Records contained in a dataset
════════════════

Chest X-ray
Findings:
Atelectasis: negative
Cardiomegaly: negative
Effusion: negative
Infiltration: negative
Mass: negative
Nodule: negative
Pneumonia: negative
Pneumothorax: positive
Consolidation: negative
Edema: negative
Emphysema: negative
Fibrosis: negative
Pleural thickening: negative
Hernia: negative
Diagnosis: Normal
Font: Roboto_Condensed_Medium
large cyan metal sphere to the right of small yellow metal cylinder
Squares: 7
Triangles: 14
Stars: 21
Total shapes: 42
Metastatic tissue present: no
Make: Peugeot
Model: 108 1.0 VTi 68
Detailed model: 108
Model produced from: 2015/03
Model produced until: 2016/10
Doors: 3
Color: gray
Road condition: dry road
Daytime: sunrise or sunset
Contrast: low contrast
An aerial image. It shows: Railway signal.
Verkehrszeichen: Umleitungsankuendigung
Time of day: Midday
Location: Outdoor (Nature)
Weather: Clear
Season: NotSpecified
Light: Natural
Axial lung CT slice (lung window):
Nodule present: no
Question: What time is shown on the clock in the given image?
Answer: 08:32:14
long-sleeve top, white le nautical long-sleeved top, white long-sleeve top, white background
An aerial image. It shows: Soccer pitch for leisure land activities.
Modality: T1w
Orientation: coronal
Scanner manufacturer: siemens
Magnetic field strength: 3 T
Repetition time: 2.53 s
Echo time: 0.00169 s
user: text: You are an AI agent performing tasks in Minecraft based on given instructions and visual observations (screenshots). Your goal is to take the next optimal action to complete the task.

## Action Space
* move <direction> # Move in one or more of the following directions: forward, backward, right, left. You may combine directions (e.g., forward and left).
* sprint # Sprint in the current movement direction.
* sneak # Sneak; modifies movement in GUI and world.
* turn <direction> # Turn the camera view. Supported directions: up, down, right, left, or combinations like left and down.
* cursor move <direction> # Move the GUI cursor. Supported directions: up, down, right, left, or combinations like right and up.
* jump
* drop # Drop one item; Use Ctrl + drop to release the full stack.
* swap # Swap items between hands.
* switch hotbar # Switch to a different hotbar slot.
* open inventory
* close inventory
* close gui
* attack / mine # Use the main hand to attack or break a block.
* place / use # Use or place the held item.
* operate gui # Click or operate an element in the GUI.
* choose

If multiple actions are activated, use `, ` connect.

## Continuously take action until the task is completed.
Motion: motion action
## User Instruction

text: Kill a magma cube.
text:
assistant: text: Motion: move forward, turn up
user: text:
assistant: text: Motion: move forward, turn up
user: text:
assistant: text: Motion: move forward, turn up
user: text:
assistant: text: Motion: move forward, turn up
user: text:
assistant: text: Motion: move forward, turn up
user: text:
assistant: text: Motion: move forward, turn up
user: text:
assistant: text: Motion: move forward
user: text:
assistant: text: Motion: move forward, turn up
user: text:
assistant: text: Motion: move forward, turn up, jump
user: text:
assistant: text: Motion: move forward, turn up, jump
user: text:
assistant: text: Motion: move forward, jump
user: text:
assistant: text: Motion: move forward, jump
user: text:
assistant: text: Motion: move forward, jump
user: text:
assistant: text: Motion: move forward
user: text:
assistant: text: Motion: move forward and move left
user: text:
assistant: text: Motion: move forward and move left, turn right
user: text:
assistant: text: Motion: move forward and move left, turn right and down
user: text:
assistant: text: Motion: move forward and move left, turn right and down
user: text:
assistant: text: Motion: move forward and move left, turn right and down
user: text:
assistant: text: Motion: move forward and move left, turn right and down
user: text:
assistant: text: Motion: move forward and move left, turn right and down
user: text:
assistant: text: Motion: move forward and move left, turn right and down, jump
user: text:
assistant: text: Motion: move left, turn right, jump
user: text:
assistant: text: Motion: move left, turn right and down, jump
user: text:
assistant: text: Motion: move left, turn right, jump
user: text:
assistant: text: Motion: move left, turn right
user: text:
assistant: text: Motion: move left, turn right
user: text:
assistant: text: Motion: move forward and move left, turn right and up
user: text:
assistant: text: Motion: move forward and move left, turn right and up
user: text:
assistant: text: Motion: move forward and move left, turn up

════════════════

- **Task instructions**: State the number of lines in the data that carry "Supported", and add nothing to it.

- **Written solution**: 2